Hubungan sosial di masa remaja ini dinilai positif karena bisa mengembangkan
orientasi remaja memperluas visi pandang dan wawasan serta menambah
informasi, bahkan dari hubungan sosial ini remaja menyerap nilai-nilai sosial
yang ada di sekelilingnya. Semua  faktor ini menjadi penyokong dalam
pembentukan kepribadiannya dan menambah rasa percaya diri karena pengaruh
pergaulan yang begitu besar pada diri remaja, maka hubungan remaja dengan
teman sebayanya menentukan kualitas remaja itu. Kalau ini disadari oleh
remaja, maka dengan sadar remaja akan menyeleksi teman pergaulannya.

1. Mengatasi Kenakalan Remaja


Kenakalan remaja biasanya dilakukan oleh remaja-remaja yang gagal dalam
menjalani proses-proses perkembangan jiwanya, baik pada saat remaja maupun pada
masa kanak-kanaknya. Masa kanak-kanak dan masa remaja berlangsung begitu
singkat, dengan perkembangan fisik, psikis, dan emosi yang begitu cepat. Secara
sosiologis, kenakalan remaja merupakan wujud dari konflik-konflik yang tidak
terselesaikan dengan baik pada masa kanak-kanak maupun remaja para pelakunya.
Seringkali didapati bahwa ada trauma dalam masa lalunya, perlakuan kasar dan tidak
menyenangkan dari lingkungannya, maupun trauma terhadap kondisi lingkungan,
seperti kondisi ekonomi yang membuatnya merasa rendah diri, dan sebagainya.

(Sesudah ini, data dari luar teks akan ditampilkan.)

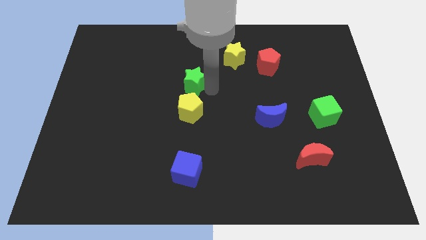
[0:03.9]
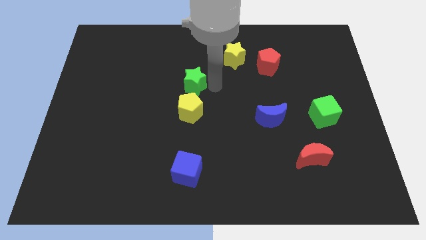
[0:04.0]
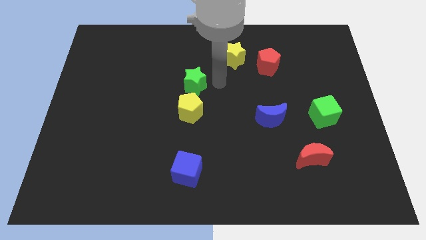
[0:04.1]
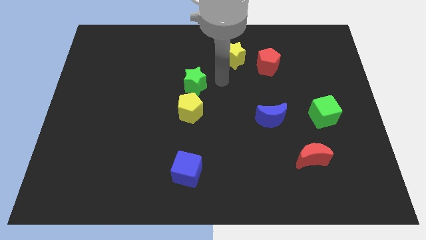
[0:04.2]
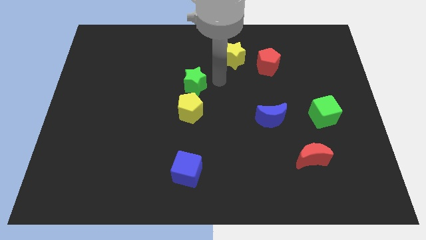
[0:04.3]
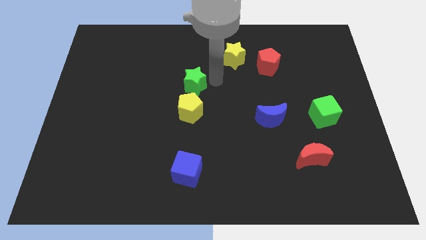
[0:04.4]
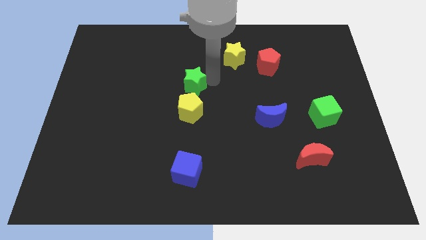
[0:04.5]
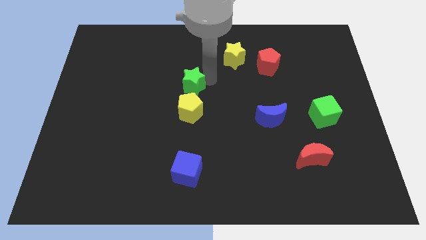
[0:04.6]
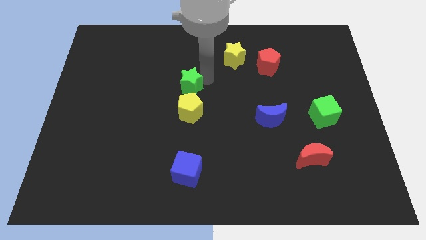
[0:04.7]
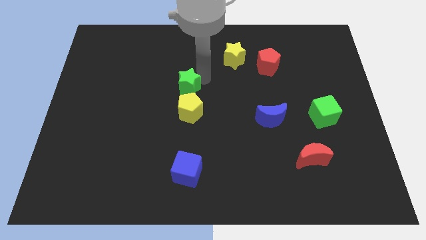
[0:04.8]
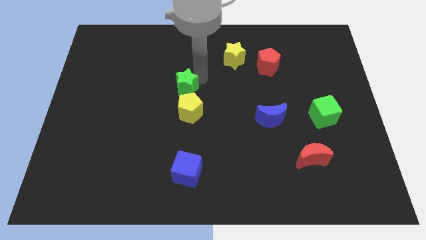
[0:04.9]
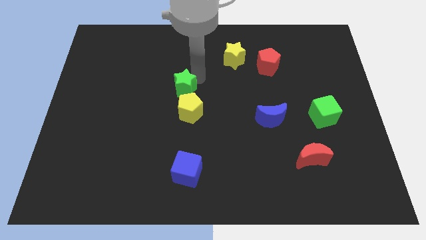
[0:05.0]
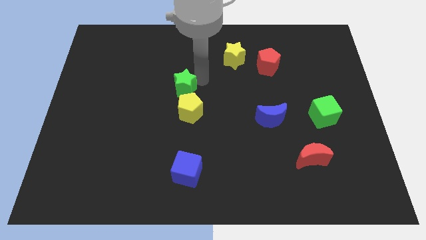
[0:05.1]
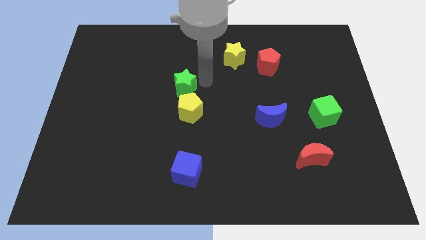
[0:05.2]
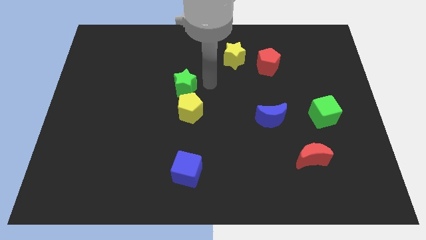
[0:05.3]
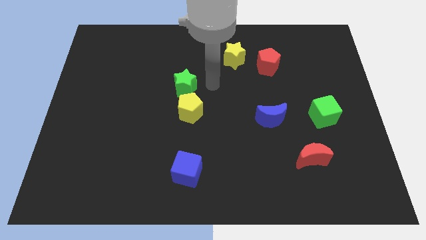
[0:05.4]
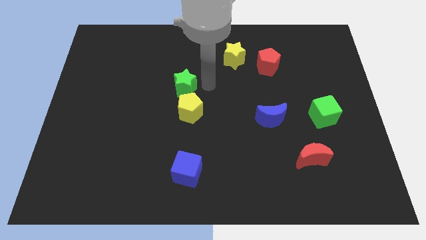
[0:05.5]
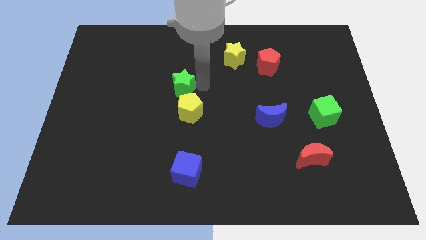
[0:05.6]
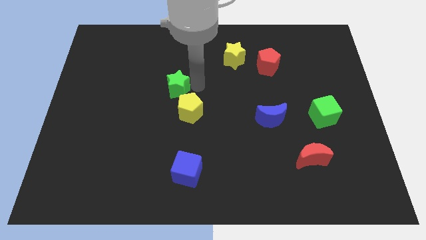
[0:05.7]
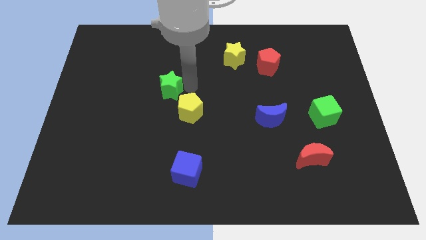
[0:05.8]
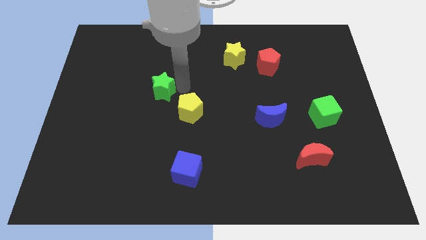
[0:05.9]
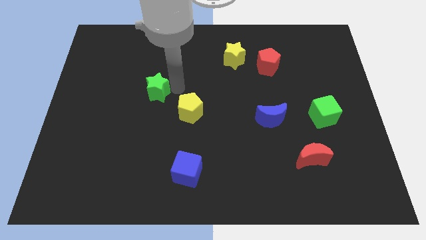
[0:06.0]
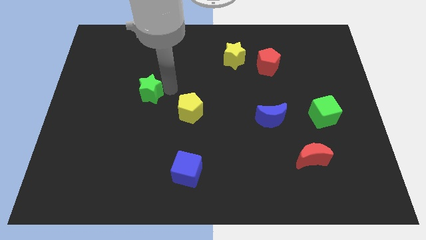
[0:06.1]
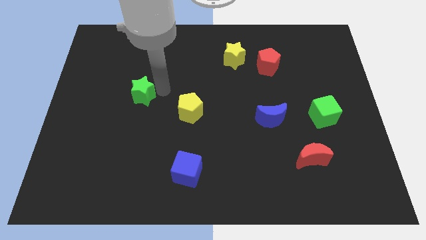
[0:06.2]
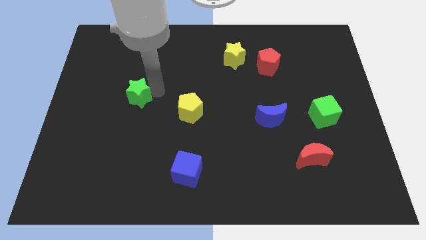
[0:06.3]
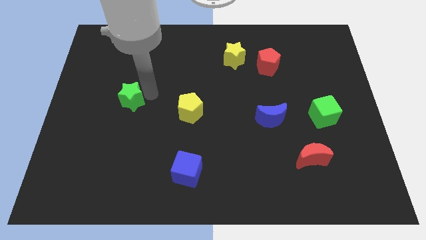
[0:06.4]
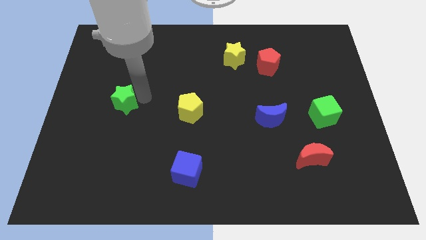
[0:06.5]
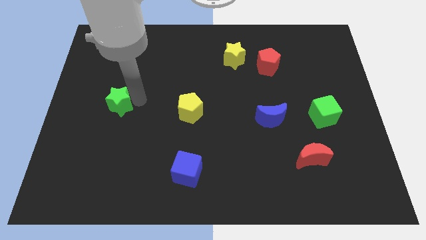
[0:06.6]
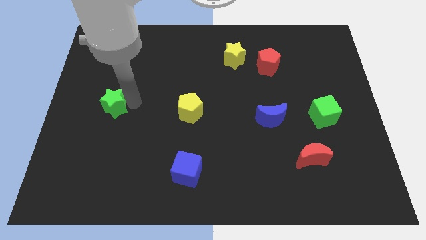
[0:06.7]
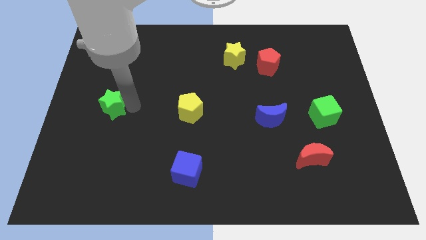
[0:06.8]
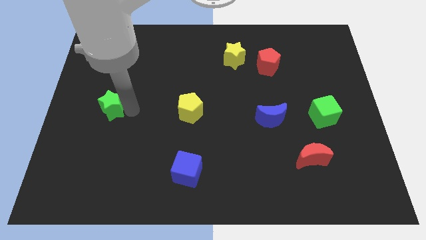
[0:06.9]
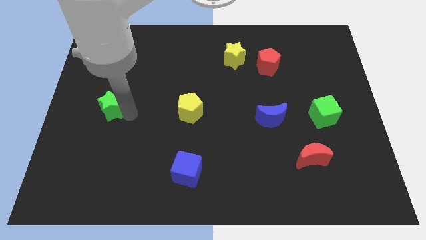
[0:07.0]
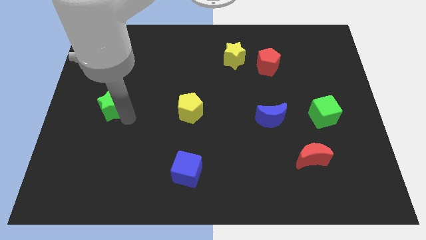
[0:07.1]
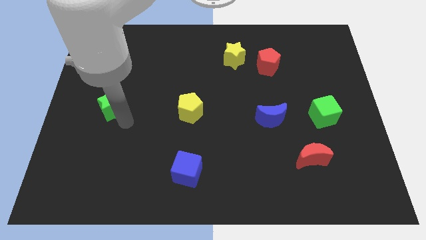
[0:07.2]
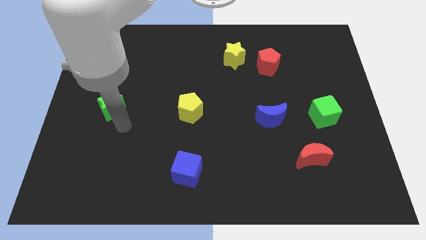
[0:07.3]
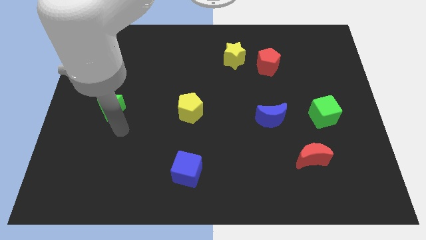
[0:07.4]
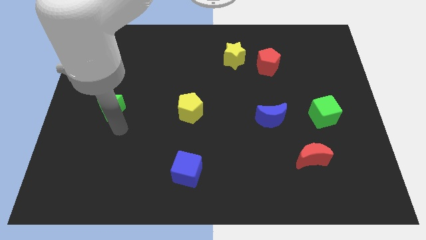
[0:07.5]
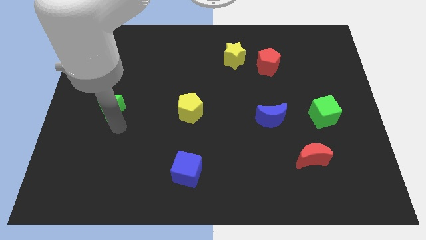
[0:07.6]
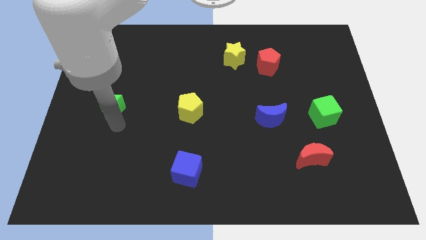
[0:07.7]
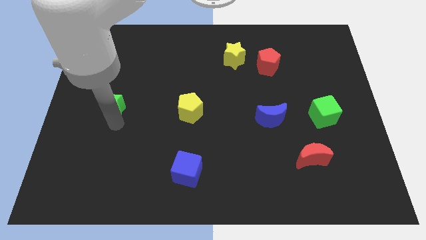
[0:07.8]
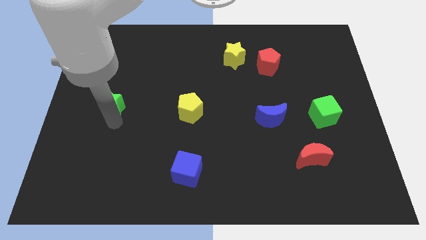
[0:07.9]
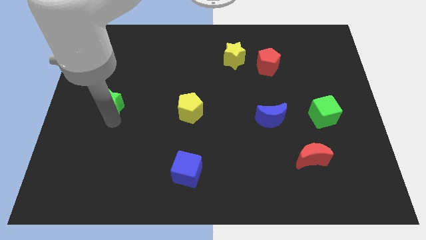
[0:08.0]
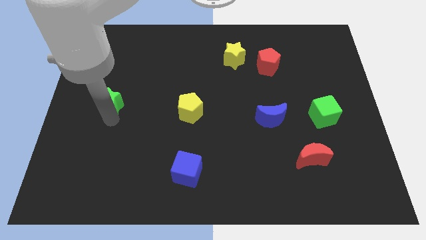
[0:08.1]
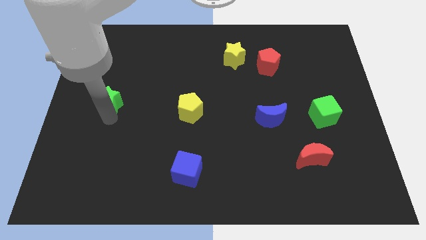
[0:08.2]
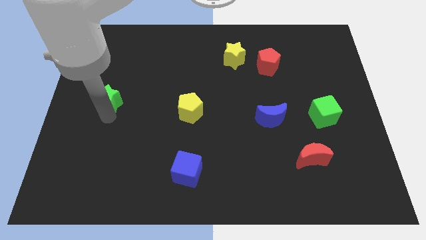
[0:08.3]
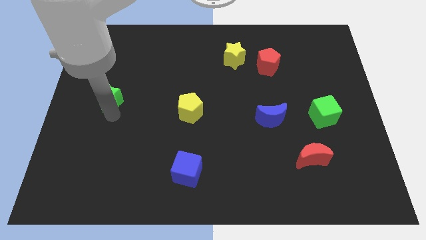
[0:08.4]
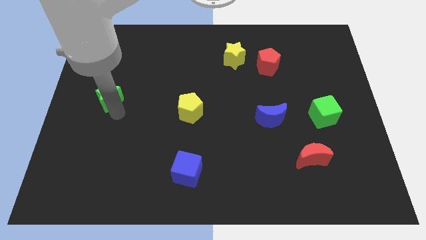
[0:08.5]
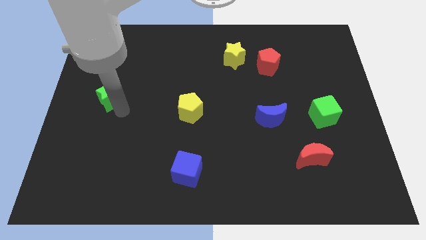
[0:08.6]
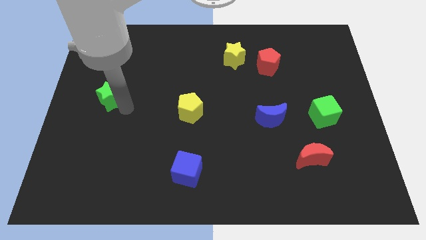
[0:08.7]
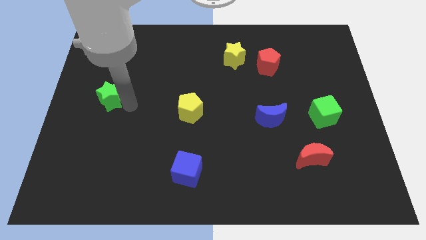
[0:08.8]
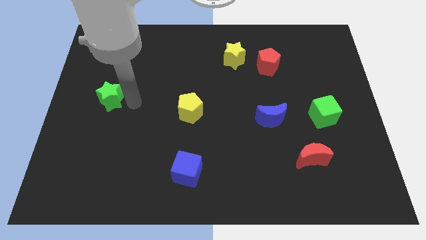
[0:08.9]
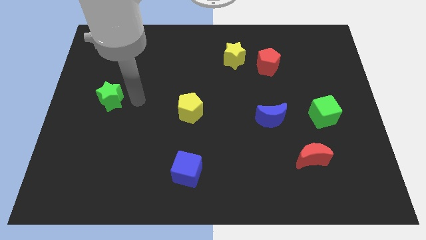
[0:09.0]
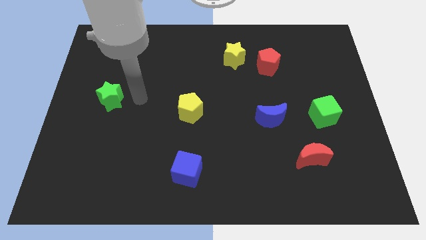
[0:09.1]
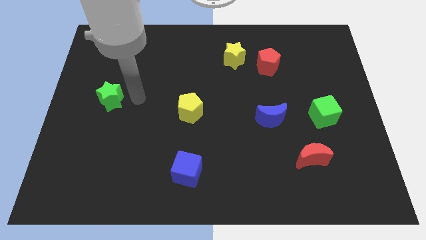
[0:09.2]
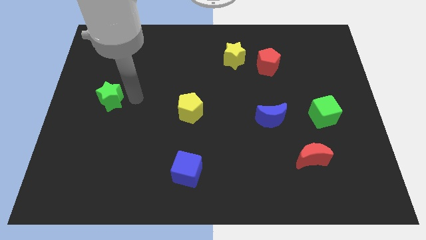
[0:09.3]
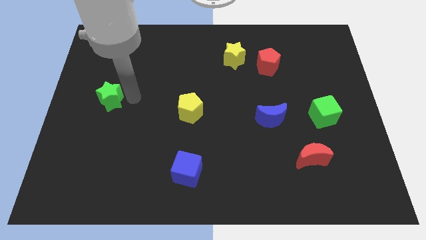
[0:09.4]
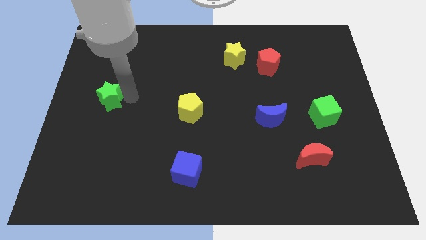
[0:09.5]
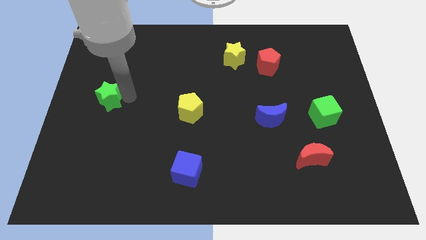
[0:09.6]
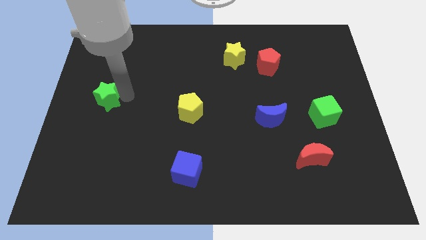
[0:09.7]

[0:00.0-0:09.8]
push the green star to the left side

Mengatasi kenakalan remaja, berarti menata kembali emosi remaja yang tercabik-
cabik itu. Emosi dan perasaan mereka rusak karena merasa ditolak oleh keluarga,
orang tua, teman-teman, maupun lingkungannya sejak kecil, dan gagalnya proses
perkembangan jiwa remaja tersebut. Trauma-trauma dalam hidupnya harus
diselesaikan, konflik-konflik psikologis yang menggantung harus diselesaikan, dan
mereka harus diberi lingkungan yang berbeda dari lingkungan sebelumnya.
Memberikan lingkungan yang baik sejak dini, disertai pemahaman akan
perkembangan anak-anak kita dengan baik, akan banyak membantu mengurangi
kenakalan remaja. Minimal tidak menambah jumlah kasus yang ada.
Hal-hal yang bisa dilakukan untuk mengatasi kenakalan remaja :
1. Kegagalan mencapai identitas peran dan lemahnya kontrol diri bisa dicegah atau
diatasi dengan prinsip keteladanan. Remaja harus bisa mendapatkan sebanyak
mungkin figur orang-orang dewasa yang telah melampaui masa remajanya dengan
baik juga mereka yang berhasil memperbaiki diri setelah sebelumnya gagal pada
tahap ini.
2. Adanya motivasi dari keluarga, guru, teman sebaya untuk melakukan point pertama.
3. Kemauan orangtua untuk membenahi kondisi keluarga sehingga tercipta keluarga
yang harmonis, komunikatif, dan nyaman bagi remaja.
4. Remaja pandai memilih teman dan lingkungan yang baik serta orangtua memberi
arahan dengan siapa dan di komunitas mana remaja harus bergaul.
5. Remaja membentuk ketahanan diri agar tidak mudah terpengaruh jika ternyata teman
sebaya atau komunitas yang ada tidak sesuai dengan harapan.